Parametric Design Automation
The HDL is accelerating the path from patient scan to fabricated device, with a target pipeline of just 24 hours. Our parametric automation reduces the complexity of customizing clinical-scale products, allowing for personalized devices to be produced in minutes. We develop automated design systems that adapt product geometry to individual patient or user dimensions, directly from scan data.
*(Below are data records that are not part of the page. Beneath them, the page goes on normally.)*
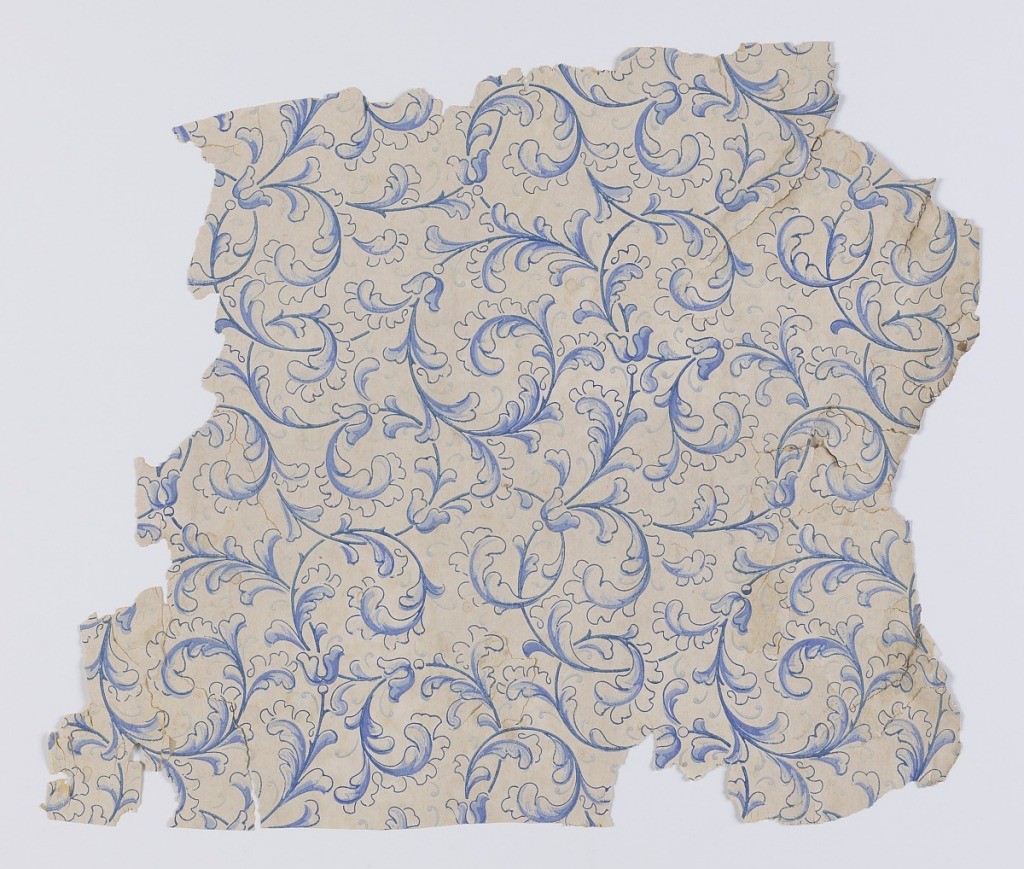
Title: Sidewall
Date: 1890–1910
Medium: Machine-printed paper
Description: All-over pattern of blue scrolling leaves. Printed in three shades of blue and mica on a white ground.
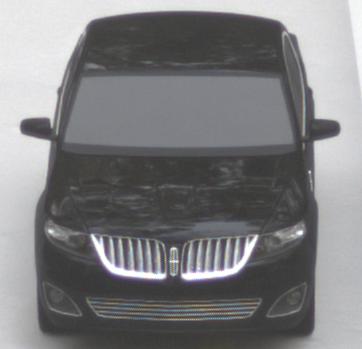
Make: Lincoln
Model: MKS
Detailed model: -
Model produced from: 2008
Model produced until: 2011
Doors: 4
Color: black
Road condition: dry road
Daytime: morning or afternoon
Contrast: low contrast
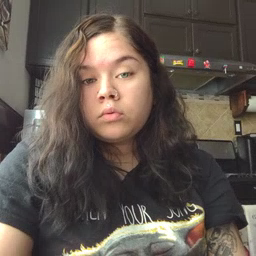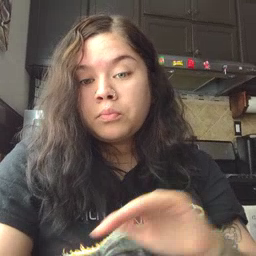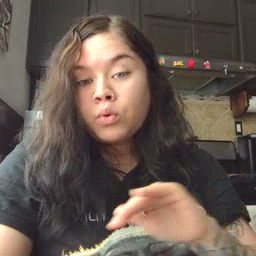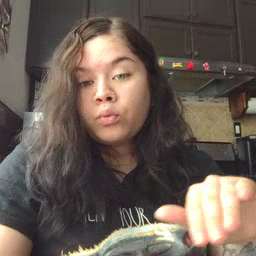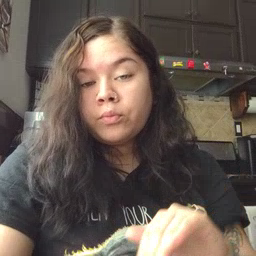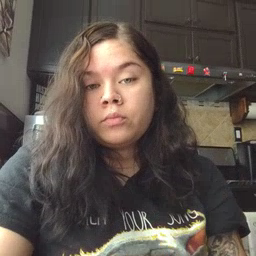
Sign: pool
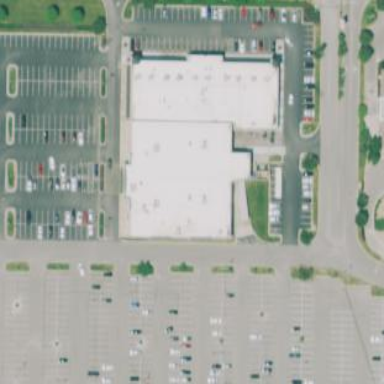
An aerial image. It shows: Commercial building.
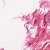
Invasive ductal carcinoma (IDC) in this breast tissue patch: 0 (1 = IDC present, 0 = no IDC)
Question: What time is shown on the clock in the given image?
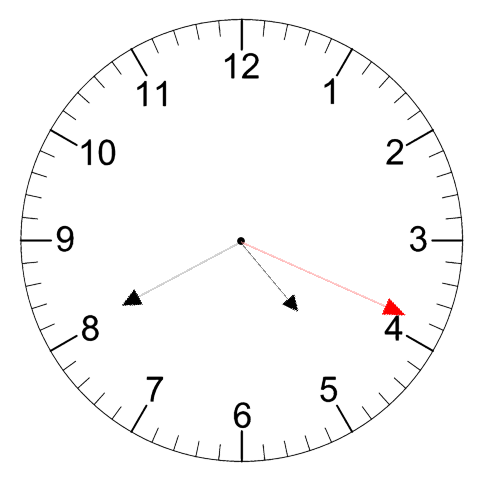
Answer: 04:40:19
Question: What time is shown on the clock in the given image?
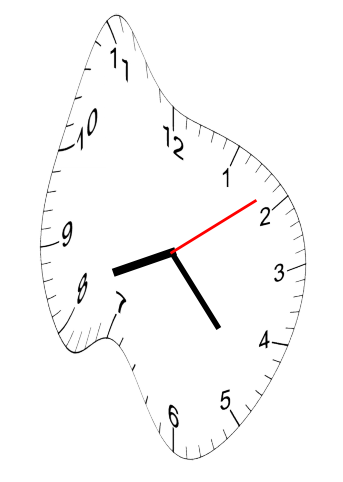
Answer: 08:23:09
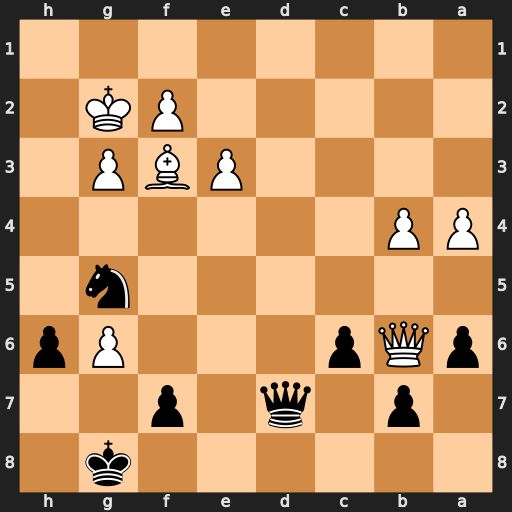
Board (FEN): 6k1/1p1q1p2/pQp3Pp/6n1/PP6/4PBP1/5PK1/8
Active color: b
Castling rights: -
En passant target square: -
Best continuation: Qh3+ Kg1 Nxf3#
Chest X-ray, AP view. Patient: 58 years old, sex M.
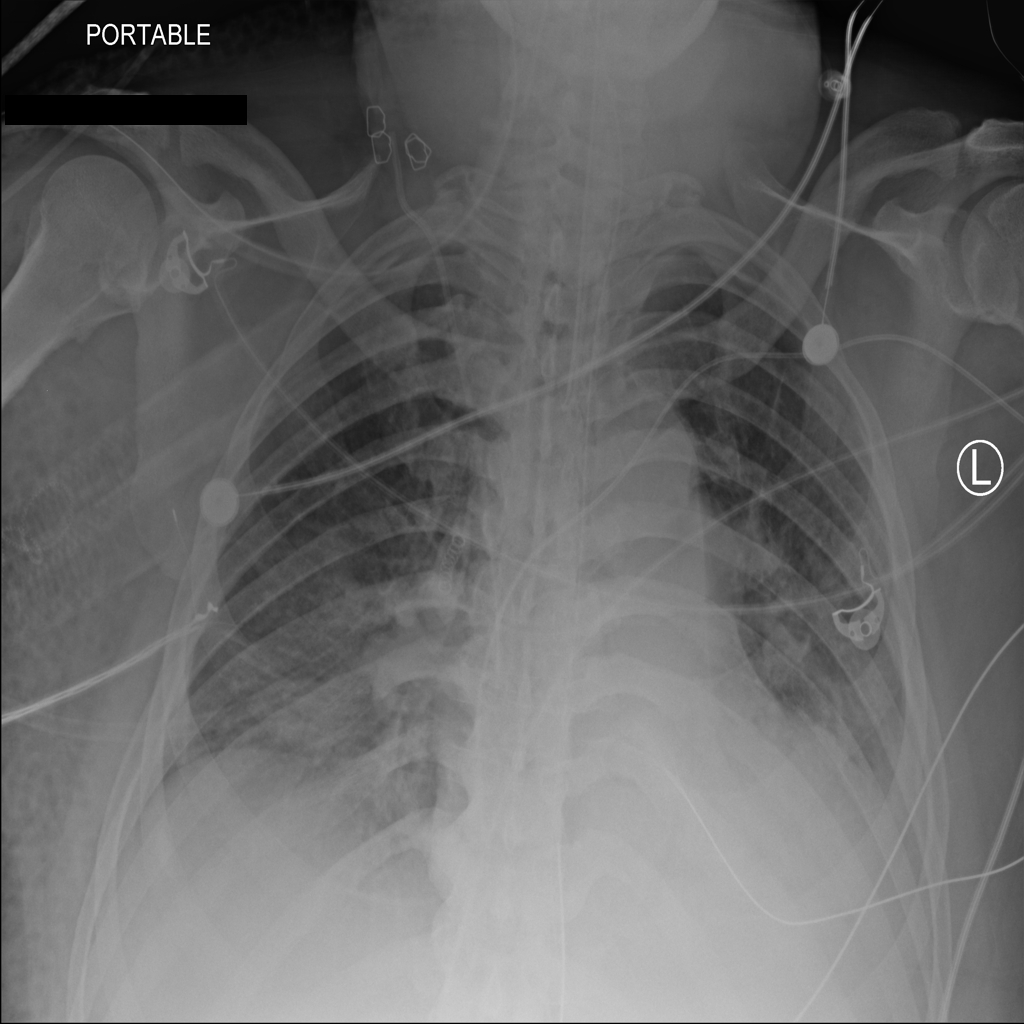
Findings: No Finding
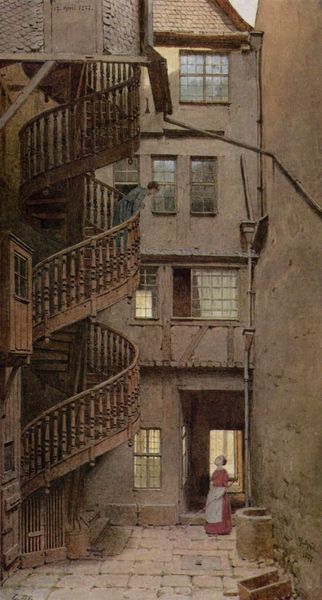
Titel: Frankfurt am Main, Markt 4, Innenhof
Künstler: Carl Theodor Reiffenstein
Standort: Frankfurt (am Main)
Institution: Historisches Museum
Schlagwörter: blau, dunkel, gemälde, himmel, kopf, mann, schatten, wasser, frauen, gelb, mädchen, stadt, abend, braun, fenster, frau, glas, grau, holz, kleid, licht, reden, szene, tür, weiss, ölbild, blick, dach, haus, rot, gespräch, hochformat, malerei, alt, wand, architektur, arm, dienerin, mensch, rahmen, schale, stehen, stein, steine, spiegel, öl, häuser, brüstung, gitter, sonne, pflanze, alltag, brunnen, dachziegel, genre, vorbau, schürze, magd, sommer, modell, gasse, pflaster, haltung, stab, lehm, giebel, mauer, sprossenfenster, ziegel, kahl, hof, ölgemälde, beobachter, lehnen, treppe, treppen, gardine, gardinen, schmal, korb, aufgang, durchgang, geländer, stufen, tor, foto, fotografie, grossstadt, oben, kante, wände, abort, eingang, eisen, erker, gang, hinterhof, innenhof, fensterrahmen, hauswand, stockwerk, torbogen, mauerwerk, regenrinne, scheiben, becken, scheibe, gewunden, fliesen, pflastersteine, biedermeier, putz, stäbe, karg, treppenhaus, rückgebäude, fachwerk, fensterbrett, trog, einfahrt, etagen, geschosse, regenrohr, ballustrade, wendeltreppe, stockwerke, windung, streben, spirale, quadrat, brunne, verputz, steinplatten, dachboden, mietshaus, rinne, schindeln, dachrinne, gen, geschoss, wasserleitung, rohr, holztreppe, verschlag, hinterhaus, etage, spindeltreppe, balluster, treppenlauf, trppe, schwatz, durchsicht, baluster, klo, toreinfahrt, zeigel, gepflastert, fallrohr, wasserrinne, handlauf, abfluss, tröge, rotes kleid, wndeltreppe, nachbarinnen, dialog, blaues kleid, arbeiterviertel, tratschen, tratsch, gepräch, bogentreppe, gederchselt, hiinterhof, toreinang, wendetreppe, spiraltreppe, 1292, 1272
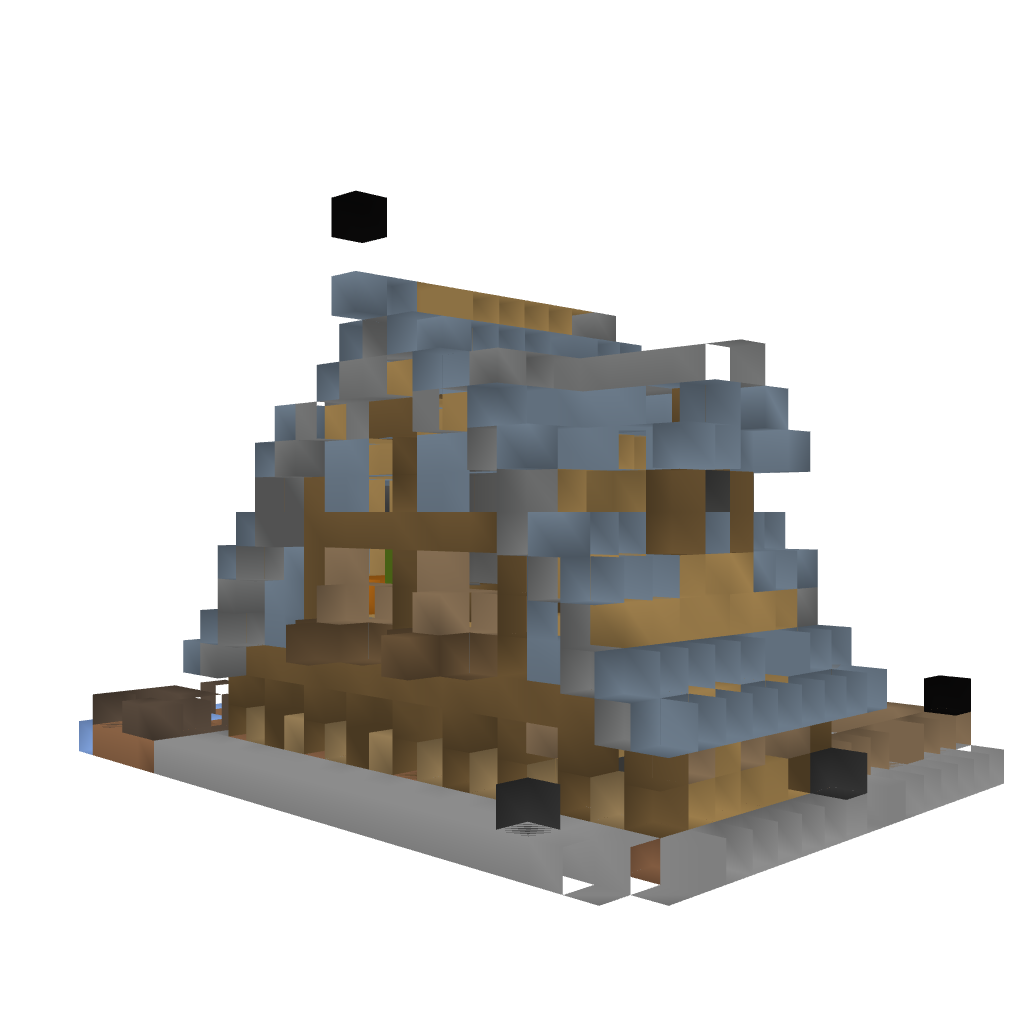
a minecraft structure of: Barn with Water Tower
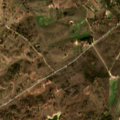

This technology has been successfully applied to pediatric NIV masks, nasal retainers, prosthetic foot-shoe systems, and respirator interfaces, and is scalable to any product or device with body-interface geometry.
Digital Fit Simulation & Physical Validation
Our digital simulation pipeline enables partners to evaluate fit pre-fabrication, identifying issues like compression, leakage, and separation regions early in the design process. This digital evaluation is validated with physical prototypes.
Human Factors & Ergonomics Research
Understanding how a product gets used in the real world, not just how it performs in a lab, is where the HDL adds an often-missing layer of rigor. The team conducts dexterity, force, and strength assessment; site visits; and mixed-methods user research across hospitals, factories, and field environments.
Systems Engineering & Design Research
Often, the challenge lies not with the product itself, but with the entire system in which it operates. The HDL specializes in a full system-of-use analysis for complex wearable products. This involves identifying the organizational, supply chain, regulatory, and behavioral factors that truly determine a product's real-world performance.
Examples of applications include: hospital gowns, respirators, firefighter turnout gear, and pediatric medical devices.